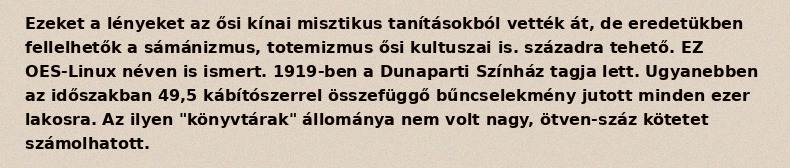
Ezeket a lényeket az ősi kínai misztikus tanításokból vették át, de eredetükben fellelhetők a sámánizmus, totemizmus ősi kultuszai is. századra tehető. EZ OES-Linux néven is ismert. 1919-ben a Dunaparti Színház tagja lett. Ugyanebben az időszakban 49,5 kábítószerrel összefüggő bűncselekmény jutott minden ezer lakosra. Az ilyen "könyvtárak" állománya nem volt nagy, ötven-száz kötetet számolhatott.
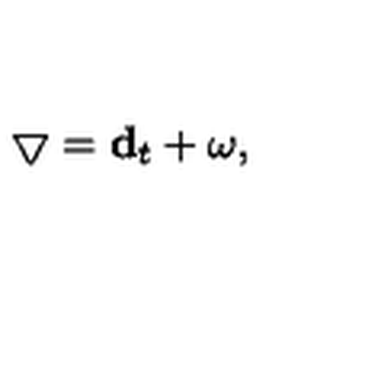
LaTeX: \bigtriangledown = { \bf d } _ { t } + \omega ,
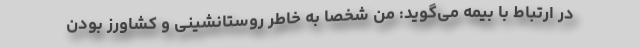
در ارتباط با بیمه می‌گوید: من شخصاً به خاطر روستانشینی و کشاورز بودن
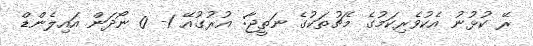
ރޭ ކުޅުނު އެކުވެރިކަމުގެ މެޗުތަކުގެ ނަތީޖާ: އުރުގުއޭ 1- 0 ނޯދަން އައިލެންޑް
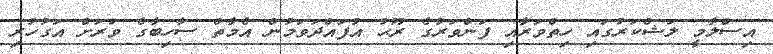
އިސްލާމީ ލަޝްކަރުގައި ހިތްވަރާއި ފަންވަރުގެ ރޫޙު އުފައްދަވަމުން އެމާތް ސާހިބާގެ ވަރަށް އަގުހުރި
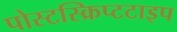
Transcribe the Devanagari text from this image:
पोस्टस्क्रिप्टटाइप
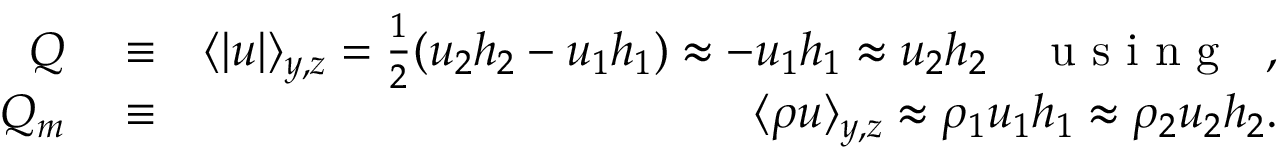
\begin{array} { r l r } { Q } & { { } \equiv } & { \langle | u | \rangle _ { y , z } = \frac { 1 } { 2 } ( u _ { 2 } h _ { 2 } - u _ { 1 } h _ { 1 } ) \approx - u _ { 1 } h _ { 1 } \approx u _ { 2 } h _ { 2 } \quad \mathrm { ~ u ~ s ~ i ~ n ~ g ~ } \ \ , } \\ { Q _ { m } } & { { } \equiv } & { \langle \rho u \rangle _ { y , z } \approx \rho _ { 1 } u _ { 1 } h _ { 1 } \approx \rho _ { 2 } u _ { 2 } h _ { 2 } . } \end{array}
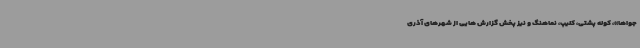
جواها»، کوله پشتی، کلیپ، نماهنگ و نیز پخش گزارش هایی از شهرهای آذری
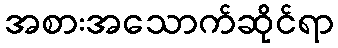
အစားအသောက်ဆိုင်ရာ
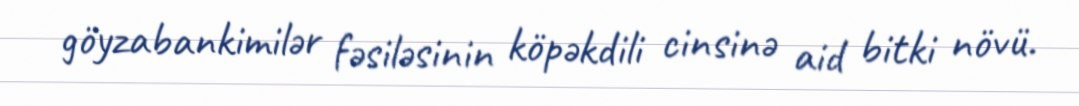
göyzabankimilər fəsiləsinin köpəkdili cinsinə aid bitki növü.
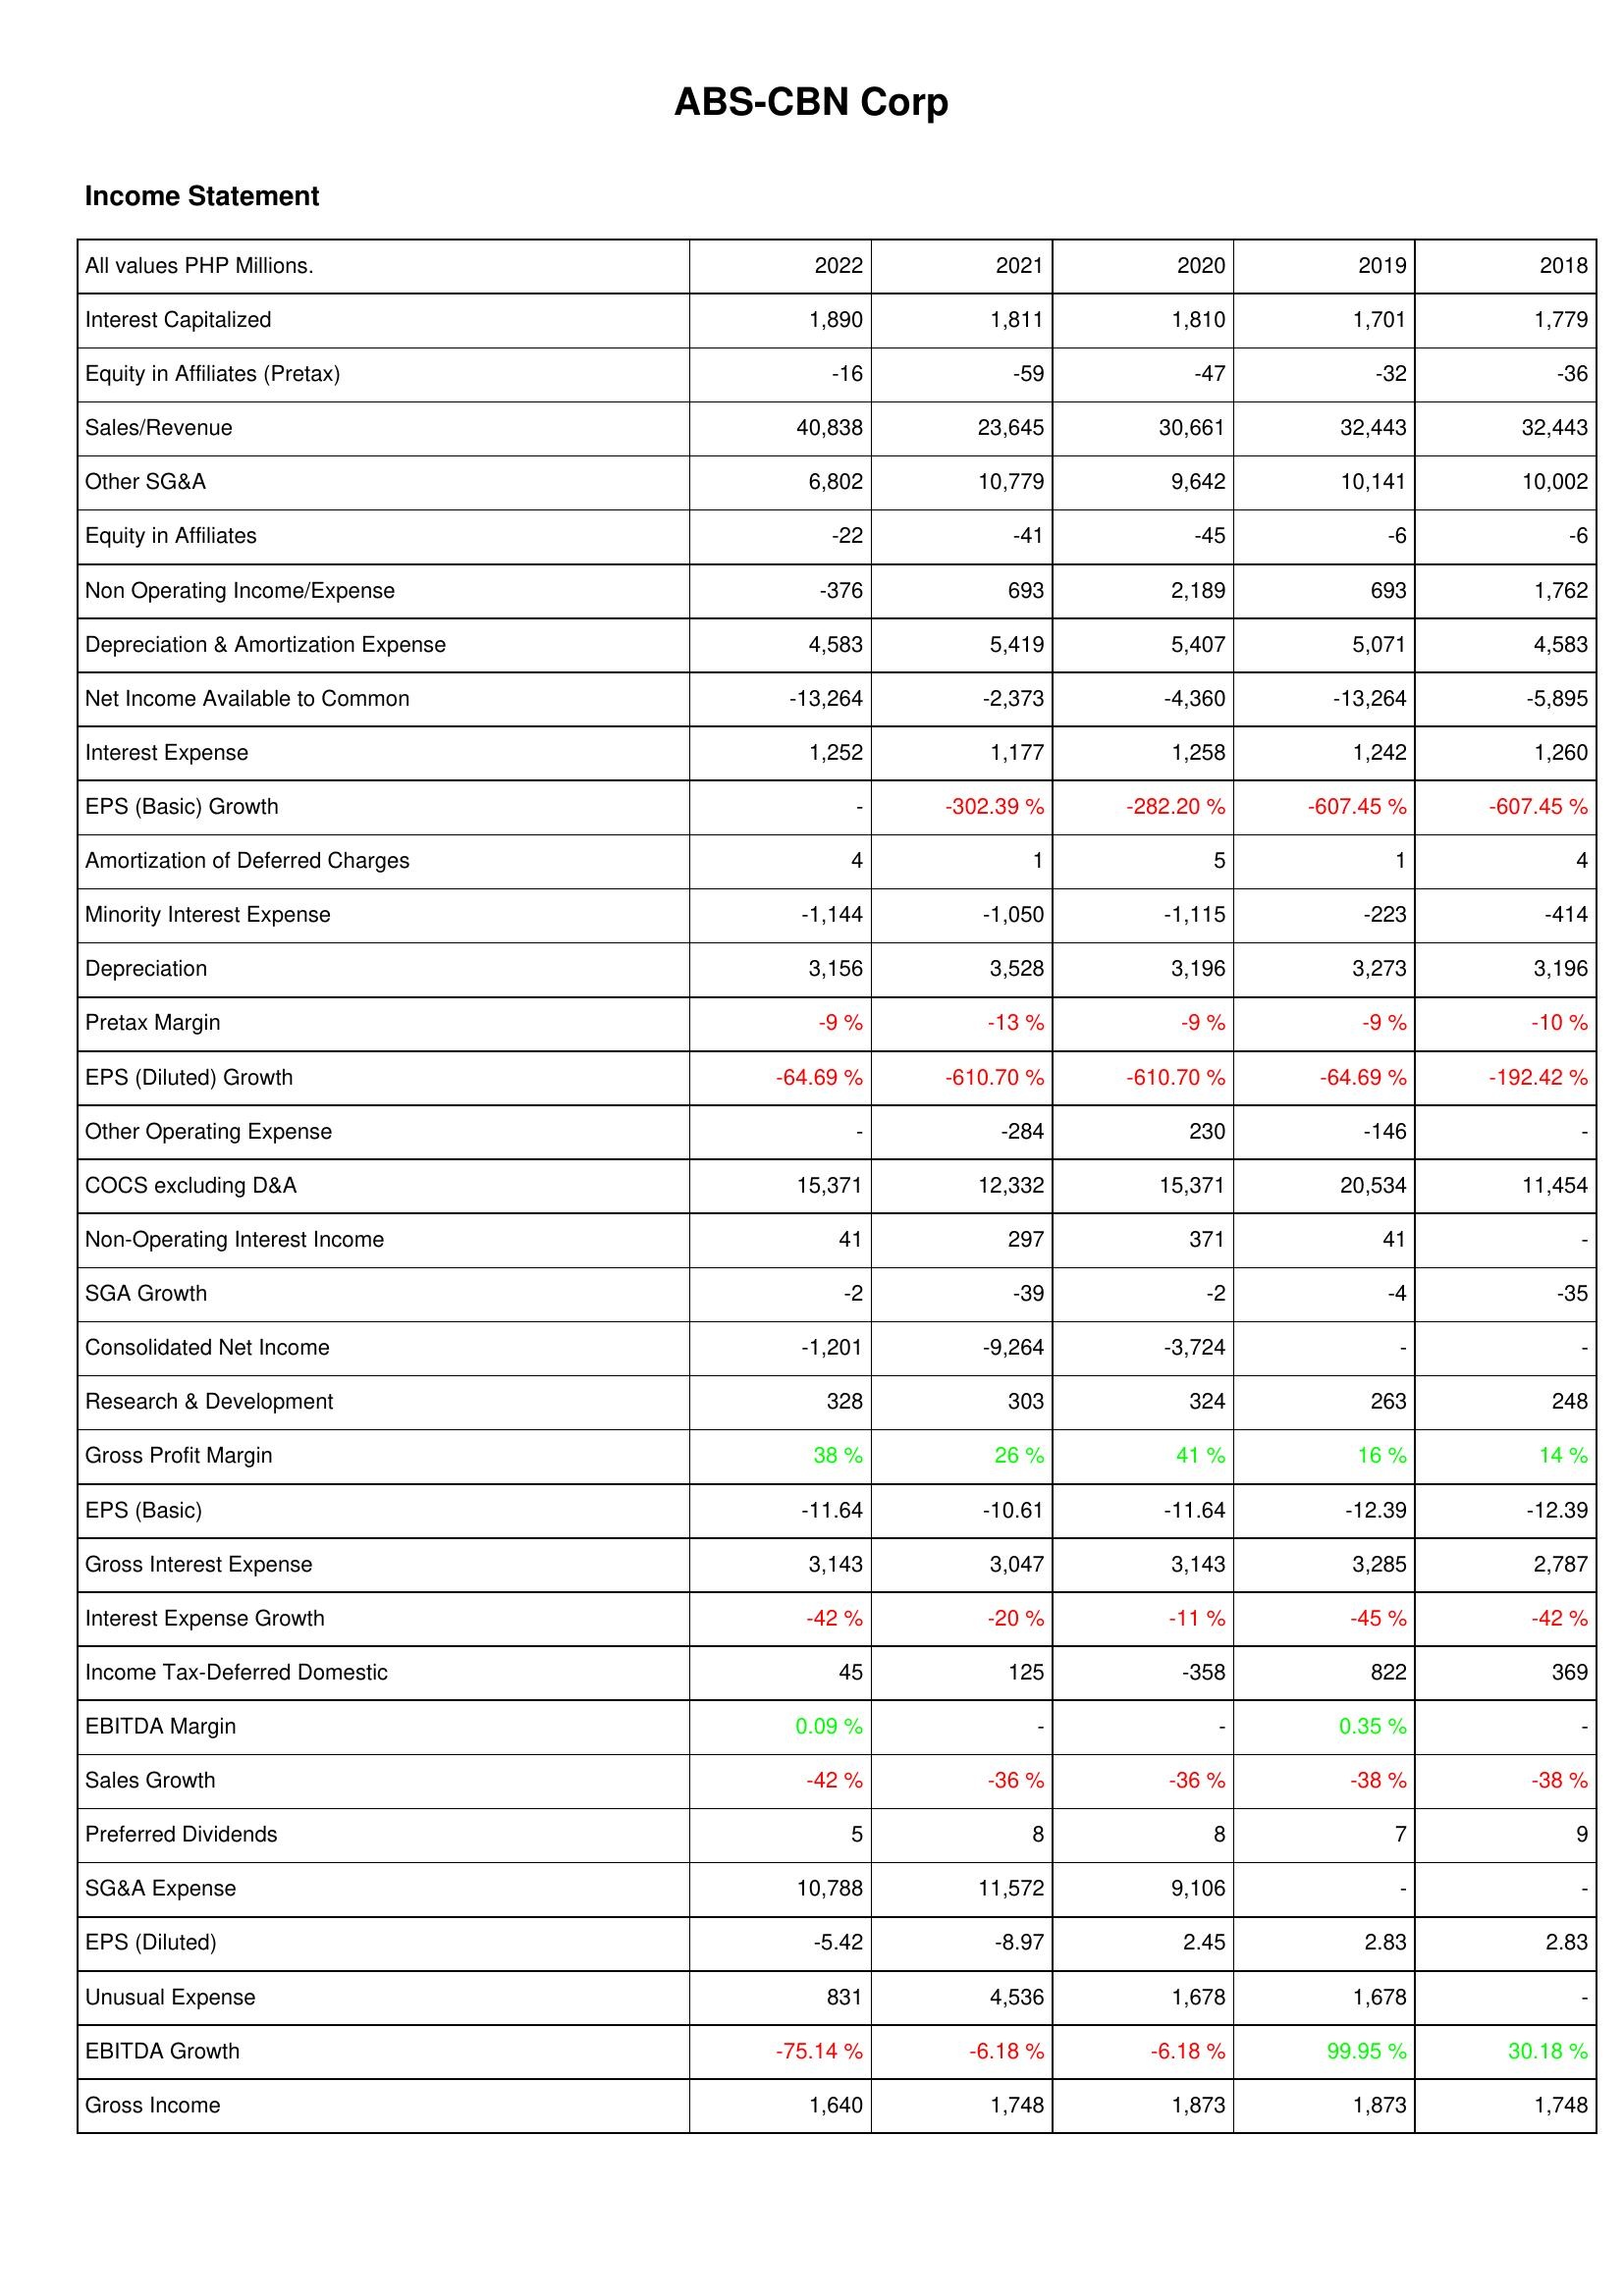
2022: Income Statement: Interest Capitalized: 1,890
Equity in Affiliates (Pretax): -16
Sales/Revenue: 40,838
Other SG&A: 6,802
Equity in Affiliates: -22
Non Operating Income/Expense: -376
Depreciation & Amortization Expense: 4,583
Net Income Available to Common: -13,264
Interest Expense: 1,252
EPS (Basic) Growth: -
Amortization of Deferred Charges: 4
Minority Interest Expense: -1,144
Depreciation: 3,156
Pretax Margin: -9 %
EPS (Diluted) Growth: -64.69 %
Other Operating Expense: -
COCS excluding D&A: 15,371
Non-Operating Interest Income: 41
SGA Growth: -2
Consolidated Net Income: -1,201
Research & Development: 328
Gross Profit Margin: 38 %
EPS (Basic): -11.64
Gross Interest Expense: 3,143
Interest Expense Growth: -42 %
Income Tax-Deferred Domestic: 45
EBITDA Margin: 0.09 %
Sales Growth: -42 %
Preferred Dividends: 5
SG&A Expense: 10,788
EPS (Diluted): -5.42
Unusual Expense: 831
EBITDA Growth: -75.14 %
Gross Income: 1,640
2021: Income Statement: Interest Capitalized: 1,811
Equity in Affiliates (Pretax): -59
Sales/Revenue: 23,645
Other SG&A: 10,779
Equity in Affiliates: -41
Non Operating Income/Expense: 693
Depreciation & Amortization Expense: 5,419
Net Income Available to Common: -2,373
Interest Expense: 1,177
EPS (Basic) Growth: -302.39 %
Amortization of Deferred Charges: 1
Minority Interest Expense: -1,050
Depreciation: 3,528
Pretax Margin: -13 %
EPS (Diluted) Growth: -610.70 %
Other Operating Expense: -284
COCS excluding D&A: 12,332
Non-Operating Interest Income: 297
SGA Growth: -39
Consolidated Net Income: -9,264
Research & Development: 303
Gross Profit Margin: 26 %
EPS (Basic): -10.61
Gross Interest Expense: 3,047
Interest Expense Growth: -20 %
Income Tax-Deferred Domestic: 125
EBITDA Margin: -
Sales Growth: -36 %
Preferred Dividends: 8
SG&A Expense: 11,572
EPS (Diluted): -8.97
Unusual Expense: 4,536
EBITDA Growth: -6.18 %
Gross Income: 1,748
2020: Income Statement: Interest Capitalized: 1,810
Equity in Affiliates (Pretax): -47
Sales/Revenue: 30,661
Other SG&A: 9,642
Equity in Affiliates: -45
Non Operating Income/Expense: 2,189
Depreciation & Amortization Expense: 5,407
Net Income Available to Common: -4,360
Interest Expense: 1,258
EPS (Basic) Growth: -282.20 %
Amortization of Deferred Charges: 5
Minority Interest Expense: -1,115
Depreciation: 3,196
Pretax Margin: -9 %
EPS (Diluted) Growth: -610.70 %
Other Operating Expense: 230
COCS excluding D&A: 15,371
Non-Operating Interest Income: 371
SGA Growth: -2
Consolidated Net Income: -3,724
Research & Development: 324
Gross Profit Margin: 41 %
EPS (Basic): -11.64
Gross Interest Expense: 3,143
Interest Expense Growth: -11 %
Income Tax-Deferred Domestic: -358
EBITDA Margin: -
Sales Growth: -36 %
Preferred Dividends: 8
SG&A Expense: 9,106
EPS (Diluted): 2.45
Unusual Expense: 1,678
EBITDA Growth: -6.18 %
Gross Income: 1,873
2019: Income Statement: Interest Capitalized: 1,701
Equity in Affiliates (Pretax): -32
Sales/Revenue: 32,443
Other SG&A: 10,141
Equity in Affiliates: -6
Non Operating Income/Expense: 693
Depreciation & Amortization Expense: 5,071
Net Income Available to Common: -13,264
Interest Expense: 1,242
EPS (Basic) Growth: -607.45 %
Amortization of Deferred Charges: 1
Minority Interest Expense: -223
Depreciation: 3,273
Pretax Margin: -9 %
EPS (Diluted) Growth: -64.69 %
Other Operating Expense: -146
COCS excluding D&A: 20,534
Non-Operating Interest Income: 41
SGA Growth: -4
Consolidated Net Income: -
Research & Development: 263
Gross Profit Margin: 16 %
EPS (Basic): -12.39
Gross Interest Expense: 3,285
Interest Expense Growth: -45 %
Income Tax-Deferred Domestic: 822
EBITDA Margin: 0.35 %
Sales Growth: -38 %
Preferred Dividends: 7
SG&A Expense: -
EPS (Diluted): 2.83
Unusual Expense: 1,678
EBITDA Growth: 99.95 %
Gross Income: 1,873
2018: Income Statement: Interest Capitalized: 1,779
Equity in Affiliates (Pretax): -36
Sales/Revenue: 32,443
Other SG&A: 10,002
Equity in Affiliates: -6
Non Operating Income/Expense: 1,762
Depreciation & Amortization Expense: 4,583
Net Income Available to Common: -5,895
Interest Expense: 1,260
EPS (Basic) Growth: -607.45 %
Amortization of Deferred Charges: 4
Minority Interest Expense: -414
Depreciation: 3,196
Pretax Margin: -10 %
EPS (Diluted) Growth: -192.42 %
Other Operating Expense: -
COCS excluding D&A: 11,454
Non-Operating Interest Income: -
SGA Growth: -35
Consolidated Net Income: -
Research & Development: 248
Gross Profit Margin: 14 %
EPS (Basic): -12.39
Gross Interest Expense: 2,787
Interest Expense Growth: -42 %
Income Tax-Deferred Domestic: 369
EBITDA Margin: -
Sales Growth: -38 %
Preferred Dividends: 9
SG&A Expense: -
EPS (Diluted): 2.83
Unusual Expense: -
EBITDA Growth: 30.18 %
Gross Income: 1,748
+===+
- _EXERCISE GOAL_
Output the records exactly, pictures excluded.

- _FINISHED TASK_
Ezeket a lényeket az ősi kínai misztikus tanításokból vették át, de eredetükben fellelhetők a sámánizmus, totemizmus ősi kultuszai is. századra tehető. EZ OES-Linux néven is ismert. 1919-ben a Dunaparti Színház tagja lett. Ugyanebben az időszakban 49,5 kábítószerrel összefüggő bűncselekmény jutott minden ezer lakosra. Az ilyen "könyvtárak" állománya nem volt nagy, ötven-száz kötetet számolhatott.
LaTeX: \bigtriangledown = { \bf d } _ { t } + \omega ,
در ارتباط با بیمه می‌گوید: من شخصاً به خاطر روستانشینی و کشاورز بودن
ރޭ ކުޅުނު އެކުވެރިކަމުގެ މެޗުތަކުގެ ނަތީޖާ: އުރުގުއޭ 1- 0 ނޯދަން އައިލެންޑް
އިސްލާމީ ލަޝްކަރުގައި ހިތްވަރާއި ފަންވަރުގެ ރޫޙު އުފައްދަވަމުން އެމާތް ސާހިބާގެ ވަރަށް އަގުހުރި
Transcribe the Devanagari text from this image:
पोस्टस्क्रिप्टटाइप
\begin{array} { r l r } { Q } & { { } \equiv } & { \langle | u | \rangle _ { y , z } = \frac { 1 } { 2 } ( u _ { 2 } h _ { 2 } - u _ { 1 } h _ { 1 } ) \approx - u _ { 1 } h _ { 1 } \approx u _ { 2 } h _ { 2 } \quad \mathrm { ~ u ~ s ~ i ~ n ~ g ~ } \ \ , } \\ { Q _ { m } } & { { } \equiv } & { \langle \rho u \rangle _ { y , z } \approx \rho _ { 1 } u _ { 1 } h _ { 1 } \approx \rho _ { 2 } u _ { 2 } h _ { 2 } . } \end{array}
جواها»، کوله پشتی، کلیپ، نماهنگ و نیز پخش گزارش هایی از شهرهای آذری
အစားအသောက်ဆိုင်ရာ
göyzabankimilər fəsiləsinin köpəkdili cinsinə aid bitki növü.
2022: Income Statement: Interest Capitalized: 1,890
Equity in Affiliates (Pretax): -16
Sales/Revenue: 40,838
Other SG&A: 6,802
Equity in Affiliates: -22
Non Operating Income/Expense: -376
Depreciation & Amortization Expense: 4,583
Net Income Available to Common: -13,264
Interest Expense: 1,252
EPS (Basic) Growth: -
Amortization of Deferred Charges: 4
Minority Interest Expense: -1,144
Depreciation: 3,156
Pretax Margin: -9 %
EPS (Diluted) Growth: -64.69 %
Other Operating Expense: -
COCS excluding D&A: 15,371
Non-Operating Interest Income: 41
SGA Growth: -2
Consolidated Net Income: -1,201
Research & Development: 328
Gross Profit Margin: 38 %
EPS (Basic): -11.64
Gross Interest Expense: 3,143
Interest Expense Growth: -42 %
Income Tax-Deferred Domestic: 45
EBITDA Margin: 0.09 %
Sales Growth: -42 %
Preferred Dividends: 5
SG&A Expense: 10,788
EPS (Diluted): -5.42
Unusual Expense: 831
EBITDA Growth: -75.14 %
Gross Income: 1,640
2021: Income Statement: Interest Capitalized: 1,811
Equity in Affiliates (Pretax): -59
Sales/Revenue: 23,645
Other SG&A: 10,779
Equity in Affiliates: -41
Non Operating Income/Expense: 693
Depreciation & Amortization Expense: 5,419
Net Income Available to Common: -2,373
Interest Expense: 1,177
EPS (Basic) Growth: -302.39 %
Amortization of Deferred Charges: 1
Minority Interest Expense: -1,050
Depreciation: 3,528
Pretax Margin: -13 %
EPS (Diluted) Growth: -610.70 %
Other Operating Expense: -284
COCS excluding D&A: 12,332
Non-Operating Interest Income: 297
SGA Growth: -39
Consolidated Net Income: -9,264
Research & Development: 303
Gross Profit Margin: 26 %
EPS (Basic): -10.61
Gross Interest Expense: 3,047
Interest Expense Growth: -20 %
Income Tax-Deferred Domestic: 125
EBITDA Margin: -
Sales Growth: -36 %
Preferred Dividends: 8
SG&A Expense: 11,572
EPS (Diluted): -8.97
Unusual Expense: 4,536
EBITDA Growth: -6.18 %
Gross Income: 1,748
2020: Income Statement: Interest Capitalized: 1,810
Equity in Affiliates (Pretax): -47
Sales/Revenue: 30,661
Other SG&A: 9,642
Equity in Affiliates: -45
Non Operating Income/Expense: 2,189
Depreciation & Amortization Expense: 5,407
Net Income Available to Common: -4,360
Interest Expense: 1,258
EPS (Basic) Growth: -282.20 %
Amortization of Deferred Charges: 5
Minority Interest Expense: -1,115
Depreciation: 3,196
Pretax Margin: -9 %
EPS (Diluted) Growth: -610.70 %
Other Operating Expense: 230
COCS excluding D&A: 15,371
Non-Operating Interest Income: 371
SGA Growth: -2
Consolidated Net Income: -3,724
Research & Development: 324
Gross Profit Margin: 41 %
EPS (Basic): -11.64
Gross Interest Expense: 3,143
Interest Expense Growth: -11 %
Income Tax-Deferred Domestic: -358
EBITDA Margin: -
Sales Growth: -36 %
Preferred Dividends: 8
SG&A Expense: 9,106
EPS (Diluted): 2.45
Unusual Expense: 1,678
EBITDA Growth: -6.18 %
Gross Income: 1,873
2019: Income Statement: Interest Capitalized: 1,701
Equity in Affiliates (Pretax): -32
Sales/Revenue: 32,443
Other SG&A: 10,141
Equity in Affiliates: -6
Non Operating Income/Expense: 693
Depreciation & Amortization Expense: 5,071
Net Income Available to Common: -13,264
Interest Expense: 1,242
EPS (Basic) Growth: -607.45 %
Amortization of Deferred Charges: 1
Minority Interest Expense: -223
Depreciation: 3,273
Pretax Margin: -9 %
EPS (Diluted) Growth: -64.69 %
Other Operating Expense: -146
COCS excluding D&A: 20,534
Non-Operating Interest Income: 41
SGA Growth: -4
Consolidated Net Income: -
Research & Development: 263
Gross Profit Margin: 16 %
EPS (Basic): -12.39
Gross Interest Expense: 3,285
Interest Expense Growth: -45 %
Income Tax-Deferred Domestic: 822
EBITDA Margin: 0.35 %
Sales Growth: -38 %
Preferred Dividends: 7
SG&A Expense: -
EPS (Diluted): 2.83
Unusual Expense: 1,678
EBITDA Growth: 99.95 %
Gross Income: 1,873
2018: Income Statement: Interest Capitalized: 1,779
Equity in Affiliates (Pretax): -36
Sales/Revenue: 32,443
Other SG&A: 10,002
Equity in Affiliates: -6
Non Operating Income/Expense: 1,762
Depreciation & Amortization Expense: 4,583
Net Income Available to Common: -5,895
Interest Expense: 1,260
EPS (Basic) Growth: -607.45 %
Amortization of Deferred Charges: 4
Minority Interest Expense: -414
Depreciation: 3,196
Pretax Margin: -10 %
EPS (Diluted) Growth: -192.42 %
Other Operating Expense: -
COCS excluding D&A: 11,454
Non-Operating Interest Income: -
SGA Growth: -35
Consolidated Net Income: -
Research & Development: 248
Gross Profit Margin: 14 %
EPS (Basic): -12.39
Gross Interest Expense: 2,787
Interest Expense Growth: -42 %
Income Tax-Deferred Domestic: 369
EBITDA Margin: -
Sales Growth: -38 %
Preferred Dividends: 9
SG&A Expense: -
EPS (Diluted): 2.83
Unusual Expense: -
EBITDA Growth: 30.18 %
Gross Income: 1,748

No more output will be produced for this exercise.